The picture above (and detail right) is an embroidered christening cape, dating from the very early 1800s. I bought it years ago with the intention of selling it and then couldn't bring myself to let it go. It is so very beautiful, in silk and satin, embroidered with tiny, delicate but wholly realistic flowers. I found myself wondering all the time about the woman who might have made it. Who she was. What became of her. The result was a new novel called The Physic Garden, set in early 1800s Glasgow: a story of friendship, love and betrayal, much of it set in and around the 'physic garden' - the medicinal garden of the old college of Glasgow University. It will be published as an eBook before Christmas 2012 and as a paperback some time in 2013.

Saturday, April 14, 2012

An Antique Honiton Lace Handkerchief


Isn't this beautiful? I knew that it was hand made bobbin lace, but thought at first that it came from Belgium, until a lace expert pointed out that it is, in fact, old hand made Honiton lace. I should have known, because I've been to the lovely lace museum there - on my honeymoon, a long time ago! It is as light as a feather and just as delicate, a will o' the wisp of a piece which must have taken a long time to make. The details of flowers and leaves and ferns, with tiny wheat-ears among them, is just stunningly lovely. I'm privileged to have been able to admire it for a while although I'm in the middle of 'rehoming' it now.

I love lace but don't feel that I know enough about it. If somebody in Scotland would organise a day's hands-on lace identification workshop, I would definitely sign up for it. There is nothing quite like seeing and touching the real thing. You can read a dozen reference books, and gaze at photographs until your eyes ache, but what you really need is somebody who knows all about a particular textile, the work itself and the history behind it - and you need to see and handle examples.

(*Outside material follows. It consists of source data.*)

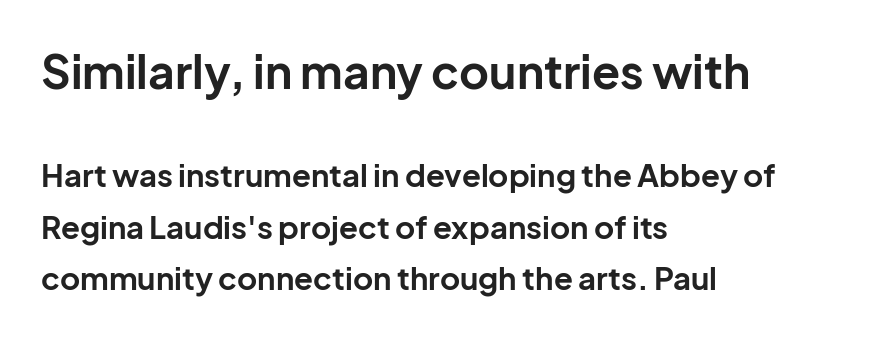
A normal amount of white space separates one row of letters from the next. Do the characters align in a grid? No, the font is proportional. Underlining? Definitely not there. Italic: no, the glyphs are upright roman. The type is set solid horizontally, with unmodified tracking. Is the type bold? Yes — the strokes are clearly thick and heavy.
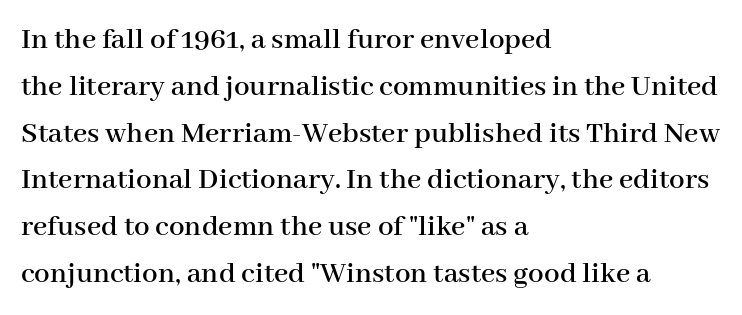
Q: Is the text italic (slanted)? A: No, it is upright.
Q: Is the typeface a serif or a sans-serif typeface? A: Serif.
Q: Is the text underlined? A: No.
Q: How is the paragraph aligned? A: Left-aligned.
Q: Is the spacing between letters normal or unusually wide? A: Normal.
Q: Is the spacing between lines tight, normal or loose? A: Normal.
Q: Width (condensed, normal, or wide)? A: Normal.
Q: Stroke contrast? A: High.
Q: x-height? A: Medium.
Q: Monospaced? A: No.
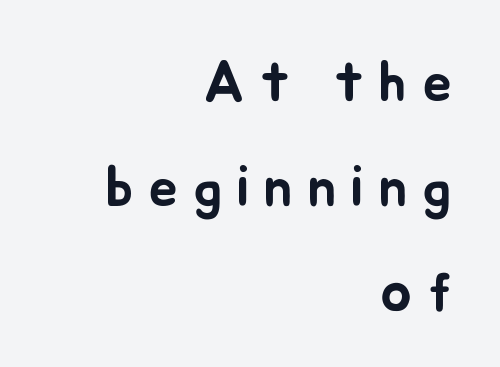
{"italic": "no", "width": "normal", "stroke_contrast": "low", "x_height": "small", "monospaced": "no", "underline": "no", "align": "right", "line_spacing_ratio": 1.81, "letter_spacing": "wide", "letter_spacing_em": 0.26, "glyph_px": 58}
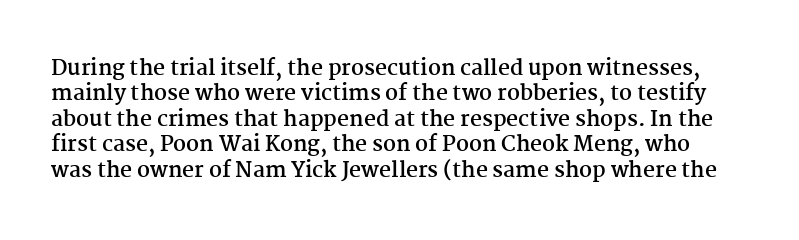
A typesetter would call this zero additional tracking. The lettering stays uniformly vertical, giving the passage a roman look. Lines of text with bare space underneath. Caption: bold face, heavy strokes.
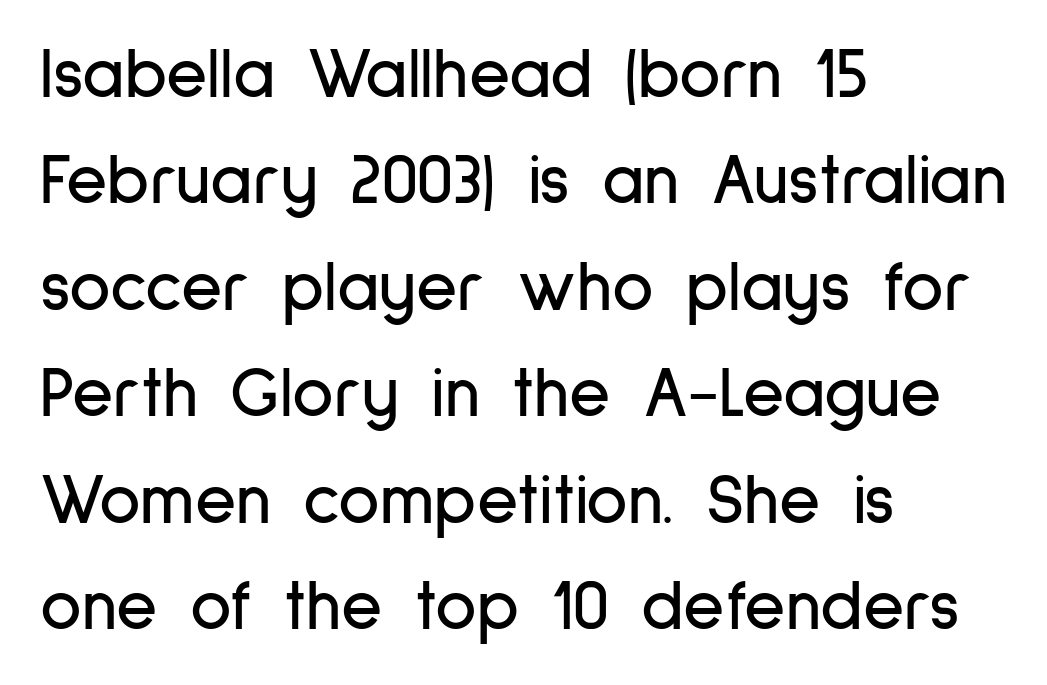
Italic: no, the glyphs are upright roman. Stroke terminals: plain, sans-serif. Has an underline been added? It has not. Normally led — the rows are evenly, conventionally spaced. The letters advance in unequal steps, a hallmark of proportional type. The type is set solid horizontally, with unmodified tracking.
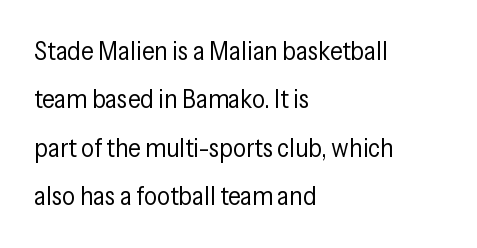
The image shows 26 px text type, upright; set left-aligned, line spacing 1.86x, normal letter spacing, not underlined.
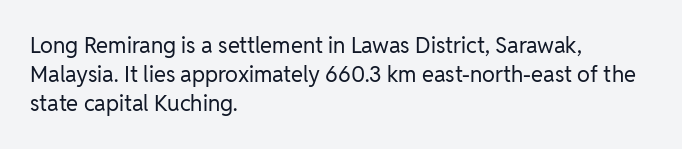
{"italic": "no", "bold": "no", "underline": "no", "align": "left", "line_spacing": "normal", "line_spacing_ratio": 1.32, "letter_spacing": "normal", "letter_spacing_em": 0.0, "glyph_px": 22}
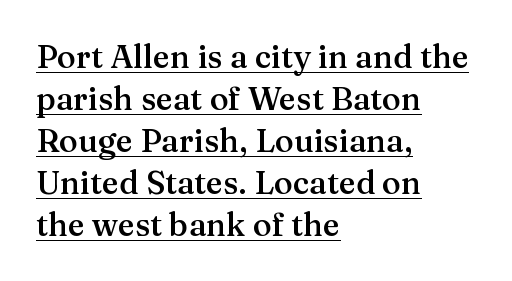
The image shows 32 px semibold serif type, upright; set left-aligned, normal line spacing (1.31x), normal letter spacing, underlined; medium stroke contrast and a medium x-height.
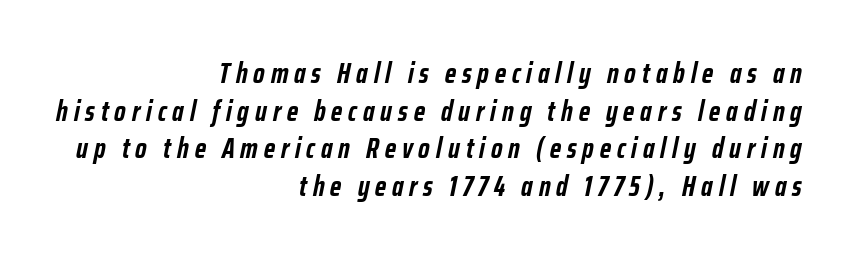
The image shows 28 px semibold, condensed type, italic (leaning right); set right-aligned, normal line spacing (1.34x), unusually wide letter spacing (+0.21 em), not underlined; low stroke contrast and a medium x-height.
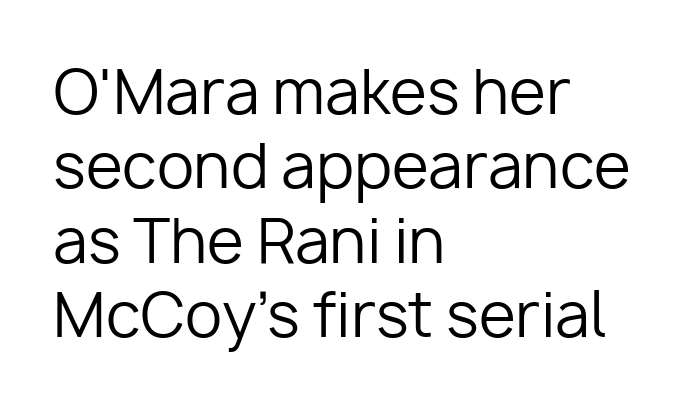
Q: Is the text bold? A: No.
Q: Is the text italic (slanted)? A: No, it is upright.
Q: Is the typeface a serif or a sans-serif typeface? A: Sans-serif.
Q: Is the text underlined? A: No.
Q: How is the paragraph aligned? A: Left-aligned.
Q: Is the spacing between letters normal or unusually wide? A: Normal.
Q: Width (condensed, normal, or wide)? A: Normal.
Q: Stroke contrast? A: Low.
Q: x-height? A: Medium.
Q: Monospaced? A: No.
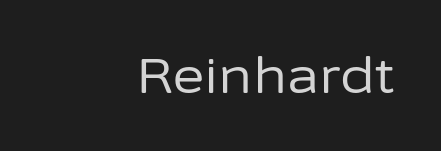
Q: Is the text bold? A: No.
Q: Is the text italic (slanted)? A: No, it is upright.
Q: Is the typeface a serif or a sans-serif typeface? A: Sans-serif.
Q: Is the text underlined? A: No.
Q: How is the paragraph aligned? A: Right-aligned.
Q: Is the spacing between letters normal or unusually wide? A: Normal.
Q: Width (condensed, normal, or wide)? A: Normal.
Q: Stroke contrast? A: Low.
Q: x-height? A: Medium.
Q: Monospaced? A: No.
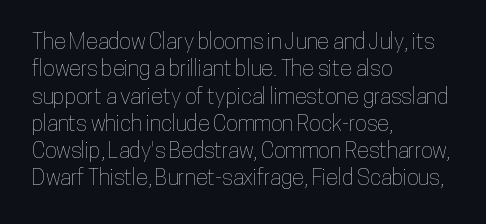
Q: Is the text italic (slanted)? A: No, it is upright.
Q: Is the text underlined? A: No.
Q: How is the paragraph aligned? A: Left-aligned.
Q: Is the spacing between letters normal or unusually wide? A: Normal.
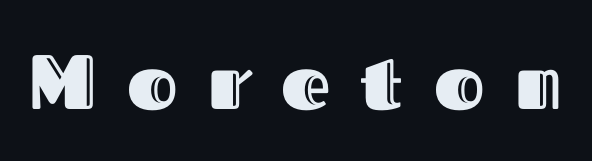
The image shows 77 px text type, upright; set unusually wide letter spacing (+0.4 em), not underlined; a medium x-height.
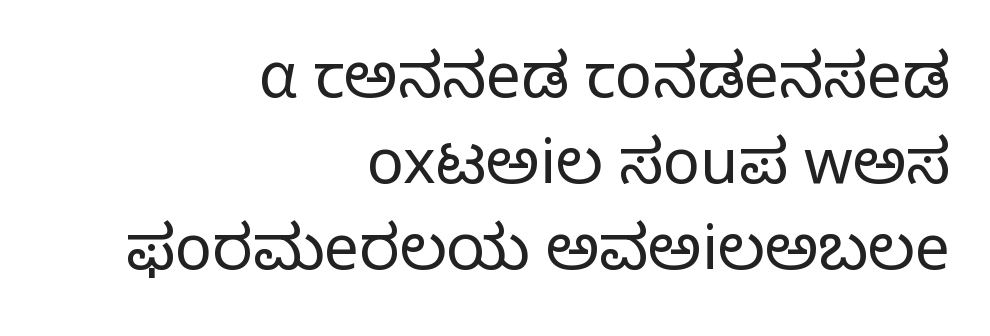
It's the straight-up-and-down kind of type. Quick note: interline space is typical. Character widths vary here, with narrow letters taking less room than wide ones. The letterforms sit at book weight or below. Each word holds together tightly as a unit, with standard inter-letter gaps. What kind of face is this? One without serifs — a sans.
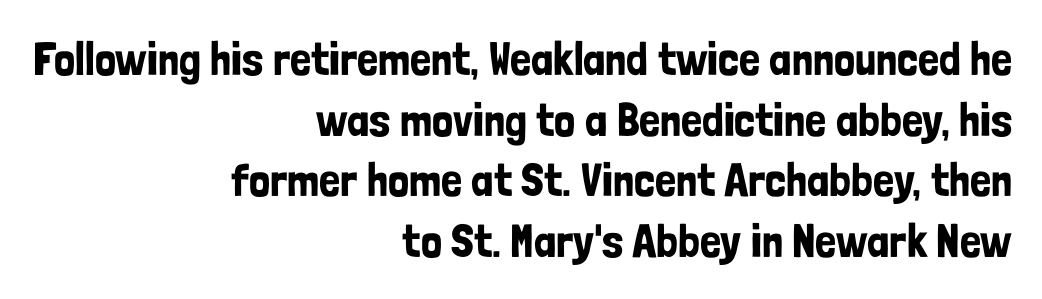
Is this a fixed-width face? No — the glyphs have proportional, varying widths. The horizontal fit of the characters is conventional and even. Typeset ragged left — the right edge is the straight one. The specimen reads as upright at a glance. Look at the bottom of the vertical strokes: they stop flat, with no serifs.
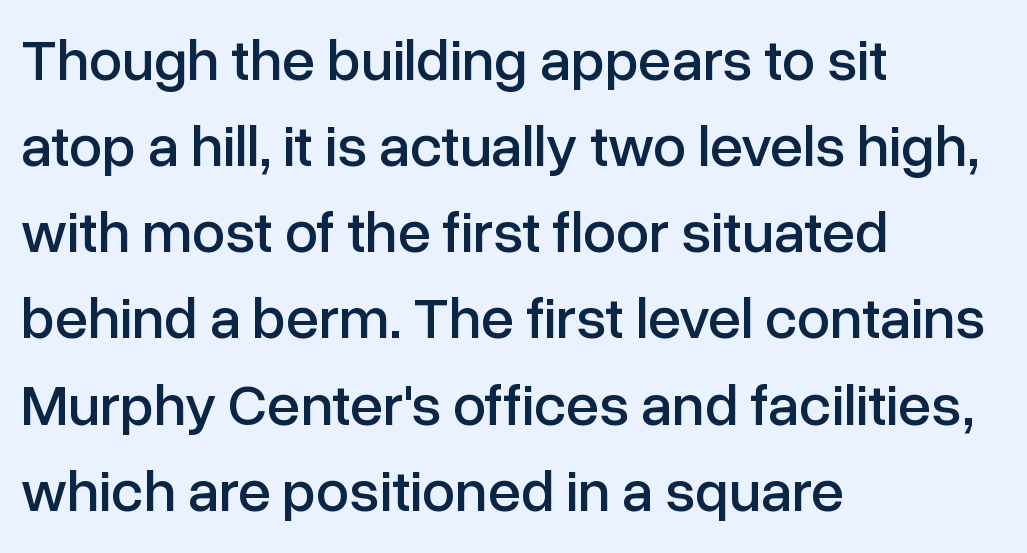
{"serif": "no", "italic": "no", "width": "normal", "stroke_contrast": "low", "x_height": "medium", "monospaced": "no", "underline": "no", "align": "left", "line_spacing": "normal", "line_spacing_ratio": 1.46, "letter_spacing": "normal", "letter_spacing_em": 0.0, "glyph_px": 59}
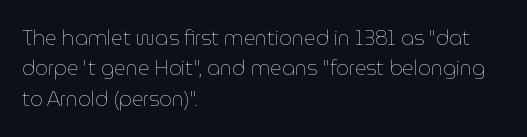
The image shows 20 px text type, upright; set left-aligned, normal line spacing (1.52x), normal letter spacing, not underlined.
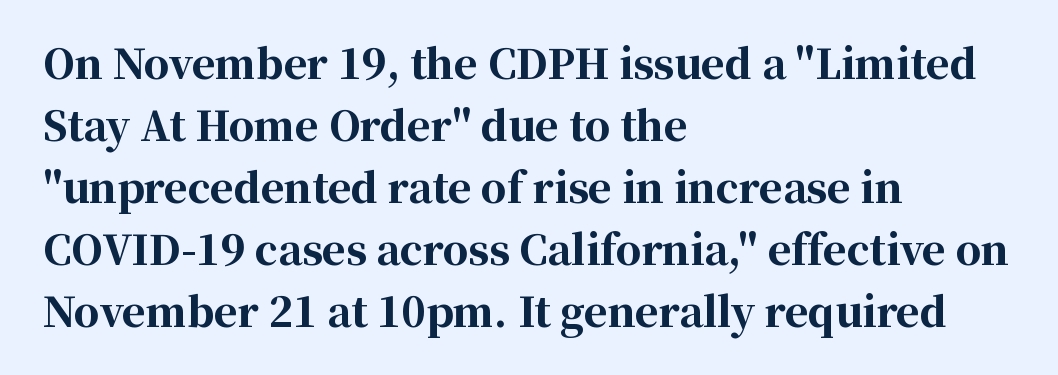
The image shows 40 px bold serif type, upright; set left-aligned, normal line spacing (1.55x), normal letter spacing, not underlined; high stroke contrast and a medium x-height.
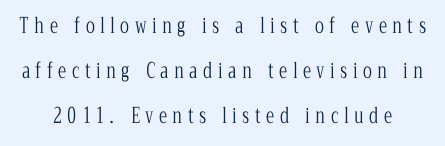
Think standard paragraph weight, or any step lighter than that. The typography opts for an upright posture over an oblique one. Horizontal bands of white between lines are thick stripes. Honestly, the letter spacing is so wide it's the main thing you notice.
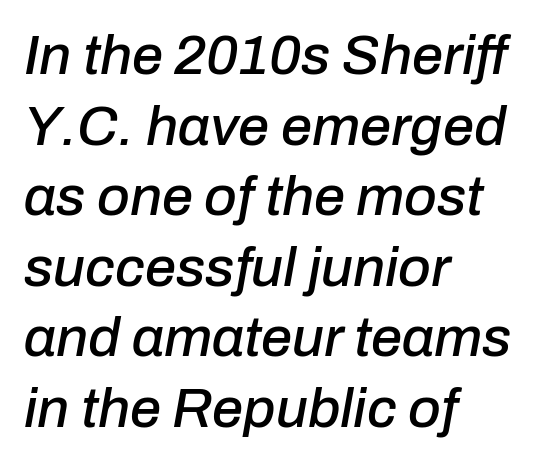
{"italic": "yes", "lean": "right", "slant_degrees": 10, "width": "normal", "stroke_contrast": "low", "x_height": "medium", "monospaced": "no", "underline": "no", "align": "left", "line_spacing": "normal", "line_spacing_ratio": 1.26, "letter_spacing": "normal", "letter_spacing_em": 0.0, "glyph_px": 56}
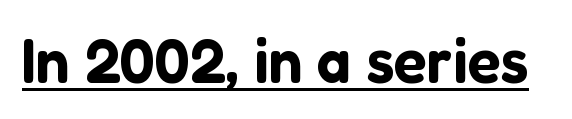
The image shows 61 px sans-serif type, upright; set normal letter spacing, underlined; low stroke contrast and a medium x-height.

Some years ago, the Society of Authors in Scotland, of which I'm a member, organised a visit to the textile department of the Chambers Street Museum in Edinburgh - with a talk from the textile curator at the time. She had got a number of items out of storage and - as a very small professional group - we were allowed to look closely at them and handle them carefully. The linen shirt in particular made a huge impression on me. It was some 200 years old and as beautiful as the day it was made. Historical novelists like me often need to describe clothes and other textiles and researching these is - for me, anyway - one of my greatest pleasures in life.

Years ago, I also attended a talk about Ayrshire Whitework and now - with a small collection of this wonderful embroidery myself - I'm occasionally asked to do talks about its history to local and family history groups. I take a number of examples and allow people to handle them. The talks always go down very well, even with men, who generally arrive reluctantly, dragged along by their wives, and then realise that they are enjoying themselves. I don't want to do a lace making course. But I would really love to know more about bobbin and needlelace - not from a book, or a website, but from a real live expert!